*EXERCISE DESCRIPTION*
Each record should be copied exactly into the answer, and no picture should go with it.

Start of INPUT DATA

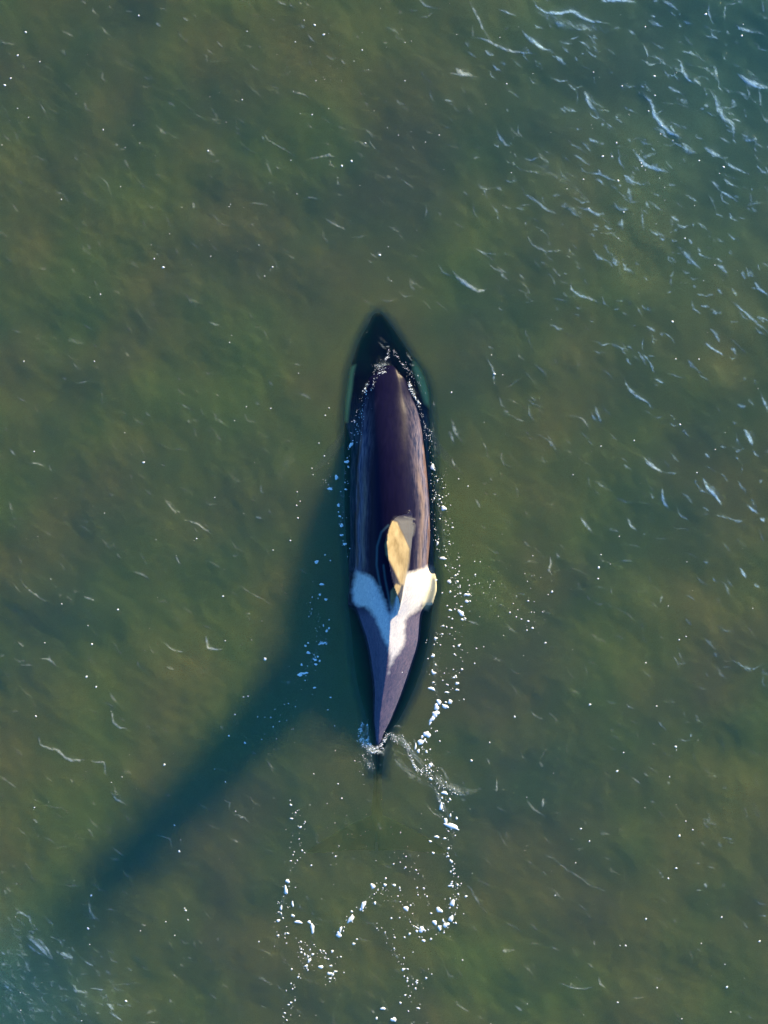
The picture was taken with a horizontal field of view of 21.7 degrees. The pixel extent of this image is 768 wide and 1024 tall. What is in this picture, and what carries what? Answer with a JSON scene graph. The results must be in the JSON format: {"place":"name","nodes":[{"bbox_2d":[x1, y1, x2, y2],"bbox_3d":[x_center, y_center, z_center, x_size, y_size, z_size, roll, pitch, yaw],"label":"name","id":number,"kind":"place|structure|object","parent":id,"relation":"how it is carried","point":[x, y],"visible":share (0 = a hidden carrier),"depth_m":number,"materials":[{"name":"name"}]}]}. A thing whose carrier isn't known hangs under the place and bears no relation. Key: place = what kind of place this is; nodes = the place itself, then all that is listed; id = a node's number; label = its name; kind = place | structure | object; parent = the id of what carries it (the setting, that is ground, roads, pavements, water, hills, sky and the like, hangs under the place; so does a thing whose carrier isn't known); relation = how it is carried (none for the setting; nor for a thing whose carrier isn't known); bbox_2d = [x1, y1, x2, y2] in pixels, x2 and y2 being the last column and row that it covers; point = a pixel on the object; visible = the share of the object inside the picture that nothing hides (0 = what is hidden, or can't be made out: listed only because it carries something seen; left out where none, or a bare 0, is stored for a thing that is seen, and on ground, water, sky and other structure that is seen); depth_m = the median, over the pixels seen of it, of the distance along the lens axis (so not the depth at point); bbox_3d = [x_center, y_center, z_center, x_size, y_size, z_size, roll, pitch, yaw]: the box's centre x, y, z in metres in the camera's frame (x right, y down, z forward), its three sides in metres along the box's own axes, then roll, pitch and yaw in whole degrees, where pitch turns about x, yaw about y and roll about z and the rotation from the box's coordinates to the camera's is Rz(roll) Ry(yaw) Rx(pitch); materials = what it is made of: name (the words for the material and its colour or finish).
{"place":"outdoors","nodes":[
{"label":"outdoors","id":0,"kind":"place"},
{"bbox_2d":[0,0,767,1023],"bbox_3d":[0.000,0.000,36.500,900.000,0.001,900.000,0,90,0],"label":"seabed","id":1,"kind":"structure","parent":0,"point":[146,104],"depth_m":36.50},
{"bbox_2d":[0,0,767,1023],"bbox_3d":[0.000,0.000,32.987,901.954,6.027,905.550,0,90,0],"label":"sea water","id":2,"kind":"structure","parent":0,"point":[486,532],"depth_m":36.00,"materials":[{"name":"green liquid"}]},
{"bbox_2d":[284,879,289,893],"bbox_3d":[-1.459,5.619,29.981,0.069,0.009,0.227,10,90,0],"label":"foam clump","id":3,"kind":"object","parent":2,"relation":"on","point":[285,888],"visible":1,"depth_m":29.98,"materials":[{"name":"white liquid"}]},
{"bbox_2d":[228,415,356,759],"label":"foam flecks","id":4,"kind":"object","parent":2,"relation":"on","point":[316,561],"visible":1,"depth_m":30.00,"materials":[{"name":"white liquid"}]},
{"bbox_2d":[307,920,313,933],"bbox_3d":[-1.082,6.222,30.003,0.080,0.010,0.214,-21,90,0],"label":"foam clump","id":5,"kind":"object","parent":2,"relation":"on","point":[311,926],"visible":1,"depth_m":30.00,"materials":[{"name":"white liquid"}]},
{"bbox_2d":[336,926,341,937],"bbox_3d":[-0.675,6.298,29.990,0.096,0.012,0.172,0,90,0],"label":"foam clump","id":6,"kind":"object","parent":2,"relation":"on","point":[338,934],"visible":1,"depth_m":29.99,"materials":[{"name":"white liquid"}]},
{"bbox_2d":[347,914,353,922],"bbox_3d":[-0.502,6.113,29.997,0.068,0.009,0.160,43,90,0],"label":"foam clump","id":7,"kind":"object","parent":2,"relation":"on","point":[351,918],"visible":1,"depth_m":29.99,"materials":[{"name":"white liquid"}]},
{"bbox_2d":[360,901,365,910],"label":"foam clump","id":8,"kind":"object","parent":2,"relation":"on","point":[363,905],"visible":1,"depth_m":29.99,"materials":[{"name":"white liquid"}]},
{"bbox_2d":[274,791,466,1022],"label":"foam flecks","id":9,"kind":"object","parent":2,"relation":"on","point":[394,885],"visible":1,"depth_m":30.00,"materials":[{"name":"white liquid"}]},
{"bbox_2d":[1,8,759,1020],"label":"foam specks","id":10,"kind":"object","parent":2,"relation":"on","point":[451,392],"visible":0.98,"depth_m":30.00,"materials":[{"name":"white liquid"}]},
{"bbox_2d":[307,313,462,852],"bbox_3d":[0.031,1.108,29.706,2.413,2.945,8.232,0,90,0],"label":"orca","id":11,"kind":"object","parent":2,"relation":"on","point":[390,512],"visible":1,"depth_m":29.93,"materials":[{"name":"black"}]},
{"bbox_2d":[355,349,431,441],"bbox_3d":[0.119,-1.739,29.968,1.204,0.070,1.405,0,90,0],"label":"froth","id":12,"kind":"object","parent":2,"relation":"on","point":[410,385],"visible":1,"depth_m":30.00,"materials":[{"name":"white liquid"}]},
{"bbox_2d":[357,722,457,794],"bbox_3d":[0.388,3.778,30.000,1.836,0.025,0.771,17,90,0],"label":"froth","id":13,"kind":"object","parent":2,"relation":"on","point":[370,744],"visible":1,"depth_m":30.00,"materials":[{"name":"white liquid"}]},
{"bbox_2d":[414,925,424,932],"bbox_3d":[0.533,6.231,29.995,0.098,0.009,0.170,-38,90,0],"label":"foam clump","id":14,"kind":"object","parent":2,"relation":"on","point":[422,929],"visible":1,"depth_m":29.99,"materials":[{"name":"white liquid"}]},
{"bbox_2d":[417,735,423,744],"bbox_3d":[0.561,3.429,29.994,0.087,0.011,0.150,35,90,0],"label":"foam clump","id":15,"kind":"object","parent":2,"relation":"on","point":[420,742],"visible":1,"depth_m":29.99,"materials":[{"name":"white liquid"}]},
{"bbox_2d":[423,731,430,737],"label":"foam clump","id":16,"kind":"object","parent":2,"relation":"on","point":[427,734],"visible":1,"depth_m":29.99,"materials":[{"name":"white liquid"}]},
{"bbox_2d":[429,703,439,721],"bbox_3d":[0.772,3.025,29.996,0.112,0.012,0.308,20,90,0],"label":"foam clump","id":17,"kind":"object","parent":2,"relation":"on","point":[436,712],"visible":1,"depth_m":29.99,"materials":[{"name":"white liquid"}]},
{"bbox_2d":[444,818,457,829],"bbox_3d":[0.999,4.700,30.005,0.277,0.015,0.100,37,90,0],"label":"foam clump","id":18,"kind":"object","parent":2,"relation":"on","point":[451,825],"visible":1,"depth_m":30.00,"materials":[{"name":"white liquid"}]},
{"bbox_2d":[414,424,680,793],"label":"foam flecks","id":19,"kind":"object","parent":2,"relation":"on","point":[456,683],"visible":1,"depth_m":30.00,"materials":[{"name":"white liquid"}]}
]}

End of INPUT DATA

*EXERCISE ANSWER*
The picture was taken with a horizontal field of view of 21.7 degrees. The pixel extent of this image is 768 wide and 1024 tall. What is in this picture, and what carries what? Answer with a JSON scene graph. The results must be in the JSON format: {"place":"name","nodes":[{"bbox_2d":[x1, y1, x2, y2],"bbox_3d":[x_center, y_center, z_center, x_size, y_size, z_size, roll, pitch, yaw],"label":"name","id":number,"kind":"place|structure|object","parent":id,"relation":"how it is carried","point":[x, y],"visible":share (0 = a hidden carrier),"depth_m":number,"materials":[{"name":"name"}]}]}. A thing whose carrier isn't known hangs under the place and bears no relation. Key: place = what kind of place this is; nodes = the place itself, then all that is listed; id = a node's number; label = its name; kind = place | structure | object; parent = the id of what carries it (the setting, that is ground, roads, pavements, water, hills, sky and the like, hangs under the place; so does a thing whose carrier isn't known); relation = how it is carried (none for the setting; nor for a thing whose carrier isn't known); bbox_2d = [x1, y1, x2, y2] in pixels, x2 and y2 being the last column and row that it covers; point = a pixel on the object; visible = the share of the object inside the picture that nothing hides (0 = what is hidden, or can't be made out: listed only because it carries something seen; left out where none, or a bare 0, is stored for a thing that is seen, and on ground, water, sky and other structure that is seen); depth_m = the median, over the pixels seen of it, of the distance along the lens axis (so not the depth at point); bbox_3d = [x_center, y_center, z_center, x_size, y_size, z_size, roll, pitch, yaw]: the box's centre x, y, z in metres in the camera's frame (x right, y down, z forward), its three sides in metres along the box's own axes, then roll, pitch and yaw in whole degrees, where pitch turns about x, yaw about y and roll about z and the rotation from the box's coordinates to the camera's is Rz(roll) Ry(yaw) Rx(pitch); materials = what it is made of: name (the words for the material and its colour or finish).
{"place":"outdoors","nodes":[
{"label":"outdoors","id":0,"kind":"place"},
{"bbox_2d":[0,0,767,1023],"bbox_3d":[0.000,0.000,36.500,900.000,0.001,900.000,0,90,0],"label":"seabed","id":1,"kind":"structure","parent":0,"point":[146,104],"depth_m":36.50},
{"bbox_2d":[0,0,767,1023],"bbox_3d":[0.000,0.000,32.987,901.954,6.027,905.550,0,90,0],"label":"sea water","id":2,"kind":"structure","parent":0,"point":[486,532],"depth_m":36.00,"materials":[{"name":"green liquid"}]},
{"bbox_2d":[284,879,289,893],"bbox_3d":[-1.459,5.619,29.981,0.069,0.009,0.227,10,90,0],"label":"foam clump","id":3,"kind":"object","parent":2,"relation":"on","point":[285,888],"visible":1,"depth_m":29.98,"materials":[{"name":"white liquid"}]},
{"bbox_2d":[228,415,356,759],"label":"foam flecks","id":4,"kind":"object","parent":2,"relation":"on","point":[316,561],"visible":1,"depth_m":30.00,"materials":[{"name":"white liquid"}]},
{"bbox_2d":[307,920,313,933],"bbox_3d":[-1.082,6.222,30.003,0.080,0.010,0.214,-21,90,0],"label":"foam clump","id":5,"kind":"object","parent":2,"relation":"on","point":[311,926],"visible":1,"depth_m":30.00,"materials":[{"name":"white liquid"}]},
{"bbox_2d":[336,926,341,937],"bbox_3d":[-0.675,6.298,29.990,0.096,0.012,0.172,0,90,0],"label":"foam clump","id":6,"kind":"object","parent":2,"relation":"on","point":[338,934],"visible":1,"depth_m":29.99,"materials":[{"name":"white liquid"}]},
{"bbox_2d":[347,914,353,922],"bbox_3d":[-0.502,6.113,29.997,0.068,0.009,0.160,43,90,0],"label":"foam clump","id":7,"kind":"object","parent":2,"relation":"on","point":[351,918],"visible":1,"depth_m":29.99,"materials":[{"name":"white liquid"}]},
{"bbox_2d":[360,901,365,910],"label":"foam clump","id":8,"kind":"object","parent":2,"relation":"on","point":[363,905],"visible":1,"depth_m":29.99,"materials":[{"name":"white liquid"}]},
{"bbox_2d":[274,791,466,1022],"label":"foam flecks","id":9,"kind":"object","parent":2,"relation":"on","point":[394,885],"visible":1,"depth_m":30.00,"materials":[{"name":"white liquid"}]},
{"bbox_2d":[1,8,759,1020],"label":"foam specks","id":10,"kind":"object","parent":2,"relation":"on","point":[451,392],"visible":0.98,"depth_m":30.00,"materials":[{"name":"white liquid"}]},
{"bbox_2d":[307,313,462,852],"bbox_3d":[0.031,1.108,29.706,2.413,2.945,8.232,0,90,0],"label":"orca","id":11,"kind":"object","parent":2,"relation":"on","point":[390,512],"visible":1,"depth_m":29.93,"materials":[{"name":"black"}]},
{"bbox_2d":[355,349,431,441],"bbox_3d":[0.119,-1.739,29.968,1.204,0.070,1.405,0,90,0],"label":"froth","id":12,"kind":"object","parent":2,"relation":"on","point":[410,385],"visible":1,"depth_m":30.00,"materials":[{"name":"white liquid"}]},
{"bbox_2d":[357,722,457,794],"bbox_3d":[0.388,3.778,30.000,1.836,0.025,0.771,17,90,0],"label":"froth","id":13,"kind":"object","parent":2,"relation":"on","point":[370,744],"visible":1,"depth_m":30.00,"materials":[{"name":"white liquid"}]},
{"bbox_2d":[414,925,424,932],"bbox_3d":[0.533,6.231,29.995,0.098,0.009,0.170,-38,90,0],"label":"foam clump","id":14,"kind":"object","parent":2,"relation":"on","point":[422,929],"visible":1,"depth_m":29.99,"materials":[{"name":"white liquid"}]},
{"bbox_2d":[417,735,423,744],"bbox_3d":[0.561,3.429,29.994,0.087,0.011,0.150,35,90,0],"label":"foam clump","id":15,"kind":"object","parent":2,"relation":"on","point":[420,742],"visible":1,"depth_m":29.99,"materials":[{"name":"white liquid"}]},
{"bbox_2d":[423,731,430,737],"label":"foam clump","id":16,"kind":"object","parent":2,"relation":"on","point":[427,734],"visible":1,"depth_m":29.99,"materials":[{"name":"white liquid"}]},
{"bbox_2d":[429,703,439,721],"bbox_3d":[0.772,3.025,29.996,0.112,0.012,0.308,20,90,0],"label":"foam clump","id":17,"kind":"object","parent":2,"relation":"on","point":[436,712],"visible":1,"depth_m":29.99,"materials":[{"name":"white liquid"}]},
{"bbox_2d":[444,818,457,829],"bbox_3d":[0.999,4.700,30.005,0.277,0.015,0.100,37,90,0],"label":"foam clump","id":18,"kind":"object","parent":2,"relation":"on","point":[451,825],"visible":1,"depth_m":30.00,"materials":[{"name":"white liquid"}]},
{"bbox_2d":[414,424,680,793],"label":"foam flecks","id":19,"kind":"object","parent":2,"relation":"on","point":[456,683],"visible":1,"depth_m":30.00,"materials":[{"name":"white liquid"}]}
]}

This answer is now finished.